↓↓↓

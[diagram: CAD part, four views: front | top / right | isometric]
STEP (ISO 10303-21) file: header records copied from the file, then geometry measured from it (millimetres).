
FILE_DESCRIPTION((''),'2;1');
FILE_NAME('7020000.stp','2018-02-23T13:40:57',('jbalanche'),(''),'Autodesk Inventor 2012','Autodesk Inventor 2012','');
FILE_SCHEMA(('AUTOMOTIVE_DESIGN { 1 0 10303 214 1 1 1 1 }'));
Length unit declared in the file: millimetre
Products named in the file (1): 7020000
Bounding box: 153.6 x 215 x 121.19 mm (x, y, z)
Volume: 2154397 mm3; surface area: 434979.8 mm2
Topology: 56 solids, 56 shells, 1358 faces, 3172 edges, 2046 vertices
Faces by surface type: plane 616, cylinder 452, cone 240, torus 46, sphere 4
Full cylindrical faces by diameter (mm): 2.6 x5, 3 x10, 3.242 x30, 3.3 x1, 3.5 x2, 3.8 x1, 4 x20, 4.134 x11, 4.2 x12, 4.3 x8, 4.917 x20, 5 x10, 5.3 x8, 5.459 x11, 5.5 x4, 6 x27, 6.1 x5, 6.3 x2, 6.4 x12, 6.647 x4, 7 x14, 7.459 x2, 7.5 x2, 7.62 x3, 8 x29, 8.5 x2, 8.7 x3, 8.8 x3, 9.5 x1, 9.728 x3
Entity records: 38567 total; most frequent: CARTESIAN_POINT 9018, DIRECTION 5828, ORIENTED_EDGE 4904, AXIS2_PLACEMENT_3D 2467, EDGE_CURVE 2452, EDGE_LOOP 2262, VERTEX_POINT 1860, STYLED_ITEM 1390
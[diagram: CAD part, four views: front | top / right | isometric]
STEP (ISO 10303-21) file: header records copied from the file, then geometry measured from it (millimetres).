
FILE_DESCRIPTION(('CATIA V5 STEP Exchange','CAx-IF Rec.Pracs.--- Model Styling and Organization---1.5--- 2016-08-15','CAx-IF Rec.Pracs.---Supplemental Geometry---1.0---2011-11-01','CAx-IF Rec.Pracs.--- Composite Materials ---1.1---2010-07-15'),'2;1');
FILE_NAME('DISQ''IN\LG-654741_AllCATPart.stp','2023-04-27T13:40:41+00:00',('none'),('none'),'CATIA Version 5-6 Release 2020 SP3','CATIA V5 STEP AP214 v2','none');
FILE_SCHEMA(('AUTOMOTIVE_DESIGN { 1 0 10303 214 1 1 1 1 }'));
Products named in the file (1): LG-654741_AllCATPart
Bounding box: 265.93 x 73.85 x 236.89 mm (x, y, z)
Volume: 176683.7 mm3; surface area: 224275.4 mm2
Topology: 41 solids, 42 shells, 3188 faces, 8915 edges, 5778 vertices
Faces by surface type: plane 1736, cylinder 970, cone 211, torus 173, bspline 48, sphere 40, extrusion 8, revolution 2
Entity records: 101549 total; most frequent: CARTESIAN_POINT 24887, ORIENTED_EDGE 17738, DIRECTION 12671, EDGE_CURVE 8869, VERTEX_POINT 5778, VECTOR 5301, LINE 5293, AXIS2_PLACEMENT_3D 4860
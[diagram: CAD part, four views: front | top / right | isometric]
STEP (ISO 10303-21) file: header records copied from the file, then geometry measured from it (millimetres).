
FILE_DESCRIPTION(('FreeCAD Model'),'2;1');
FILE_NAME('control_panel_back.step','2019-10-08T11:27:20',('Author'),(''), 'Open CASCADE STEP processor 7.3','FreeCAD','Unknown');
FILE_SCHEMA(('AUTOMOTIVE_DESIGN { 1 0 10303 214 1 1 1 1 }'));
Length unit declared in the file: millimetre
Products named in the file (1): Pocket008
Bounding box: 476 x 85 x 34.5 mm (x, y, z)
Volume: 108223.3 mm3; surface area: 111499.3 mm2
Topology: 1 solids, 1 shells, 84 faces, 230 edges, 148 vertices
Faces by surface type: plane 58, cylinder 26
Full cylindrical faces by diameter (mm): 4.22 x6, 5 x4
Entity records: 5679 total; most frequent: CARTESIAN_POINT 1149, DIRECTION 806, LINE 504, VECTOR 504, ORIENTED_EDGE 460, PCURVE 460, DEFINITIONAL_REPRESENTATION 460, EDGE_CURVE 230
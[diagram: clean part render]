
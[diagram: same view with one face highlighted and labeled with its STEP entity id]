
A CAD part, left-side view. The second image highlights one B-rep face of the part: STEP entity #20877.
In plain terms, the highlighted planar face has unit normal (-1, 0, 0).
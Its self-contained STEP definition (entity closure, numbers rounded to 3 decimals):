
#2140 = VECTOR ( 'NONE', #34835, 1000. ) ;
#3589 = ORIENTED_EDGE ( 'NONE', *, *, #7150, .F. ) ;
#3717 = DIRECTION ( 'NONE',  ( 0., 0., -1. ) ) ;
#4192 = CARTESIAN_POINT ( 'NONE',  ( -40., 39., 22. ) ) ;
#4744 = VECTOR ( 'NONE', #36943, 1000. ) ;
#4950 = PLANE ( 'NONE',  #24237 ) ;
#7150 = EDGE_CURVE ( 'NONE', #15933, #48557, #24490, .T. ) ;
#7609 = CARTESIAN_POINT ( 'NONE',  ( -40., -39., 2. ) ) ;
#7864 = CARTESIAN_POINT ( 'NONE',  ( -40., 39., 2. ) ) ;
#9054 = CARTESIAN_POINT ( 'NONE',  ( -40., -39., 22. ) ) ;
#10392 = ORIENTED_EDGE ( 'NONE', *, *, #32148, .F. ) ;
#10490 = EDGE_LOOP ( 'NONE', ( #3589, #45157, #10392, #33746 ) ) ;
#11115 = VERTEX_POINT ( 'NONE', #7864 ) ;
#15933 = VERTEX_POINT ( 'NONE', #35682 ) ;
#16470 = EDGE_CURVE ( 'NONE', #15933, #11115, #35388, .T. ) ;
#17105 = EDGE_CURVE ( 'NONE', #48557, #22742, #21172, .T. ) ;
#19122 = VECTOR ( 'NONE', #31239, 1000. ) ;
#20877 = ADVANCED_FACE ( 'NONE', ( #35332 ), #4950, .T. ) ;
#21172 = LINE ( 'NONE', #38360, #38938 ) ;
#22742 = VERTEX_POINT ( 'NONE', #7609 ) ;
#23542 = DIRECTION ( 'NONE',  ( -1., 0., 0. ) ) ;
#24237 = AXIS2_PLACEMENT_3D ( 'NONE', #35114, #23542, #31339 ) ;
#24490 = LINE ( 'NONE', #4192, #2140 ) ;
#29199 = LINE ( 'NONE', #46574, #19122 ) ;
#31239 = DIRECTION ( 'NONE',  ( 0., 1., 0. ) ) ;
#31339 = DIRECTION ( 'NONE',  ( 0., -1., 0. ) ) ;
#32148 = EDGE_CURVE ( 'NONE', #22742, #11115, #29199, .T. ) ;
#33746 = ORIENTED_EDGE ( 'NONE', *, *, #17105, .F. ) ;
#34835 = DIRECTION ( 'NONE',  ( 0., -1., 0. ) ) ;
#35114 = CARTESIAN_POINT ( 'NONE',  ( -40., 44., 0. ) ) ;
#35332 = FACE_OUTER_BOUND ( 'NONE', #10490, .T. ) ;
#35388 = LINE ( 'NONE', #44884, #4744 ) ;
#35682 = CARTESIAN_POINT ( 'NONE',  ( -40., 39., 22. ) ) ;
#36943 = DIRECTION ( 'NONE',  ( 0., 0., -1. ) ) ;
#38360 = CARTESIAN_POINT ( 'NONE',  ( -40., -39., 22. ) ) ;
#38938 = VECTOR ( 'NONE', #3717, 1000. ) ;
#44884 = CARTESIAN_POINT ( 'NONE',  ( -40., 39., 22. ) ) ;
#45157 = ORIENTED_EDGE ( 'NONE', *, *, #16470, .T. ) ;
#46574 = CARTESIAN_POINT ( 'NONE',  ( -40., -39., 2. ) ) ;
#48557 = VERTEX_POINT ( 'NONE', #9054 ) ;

↑↑↑

:: GOAL OF THE EXERCISE ::
Collect from the data above every line that includes "diameter".

:: FINISHED EXERCISE ::
Full cylindrical faces by diameter (mm): 2.6 x5, 3 x10, 3.242 x30, 3.3 x1, 3.5 x2, 3.8 x1, 4 x20, 4.134 x11, 4.2 x12, 4.3 x8, 4.917 x20, 5 x10, 5.3 x8, 5.459 x11, 5.5 x4, 6 x27, 6.1 x5, 6.3 x2, 6.4 x12, 6.647 x4, 7 x14, 7.459 x2, 7.5 x2, 7.62 x3, 8 x29, 8.5 x2, 8.7 x3, 8.8 x3, 9.5 x1, 9.728 x3
Full cylindrical faces by diameter (mm): 4.22 x6, 5 x4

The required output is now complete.